### GOAL OF THE EXERCISE
Would you please write out each of the entries below exactly, omitting pictures?

--- MATERIAL FOR THE TASK Enclosed Below ---

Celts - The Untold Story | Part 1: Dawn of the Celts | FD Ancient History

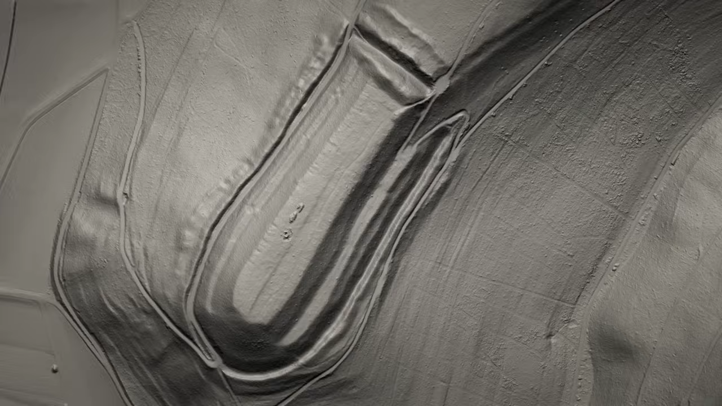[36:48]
There are none of the tell-tale signs. No houses were built here.
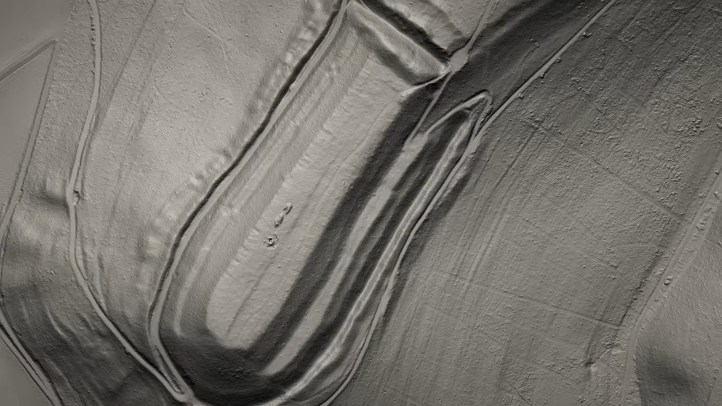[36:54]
No nearby water sources essential for everyday life.
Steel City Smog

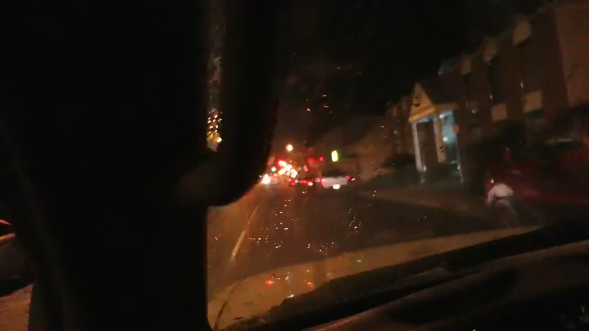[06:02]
Okay, check it out, it's barely raining here, but at the end of the street, it's starting to rain more here,

--- End of Enclosed MATERIAL FOR THE TASK ---

### SOLVED EXERCISE
Celts - The Untold Story | Part 1: Dawn of the Celts | FD Ancient History

[36:48]
There are none of the tell-tale signs. No houses were built here.
[36:54]
No nearby water sources essential for everyday life.
Steel City Smog

[06:02]
Okay, check it out, it's barely raining here, but at the end of the street, it's starting to rain more here,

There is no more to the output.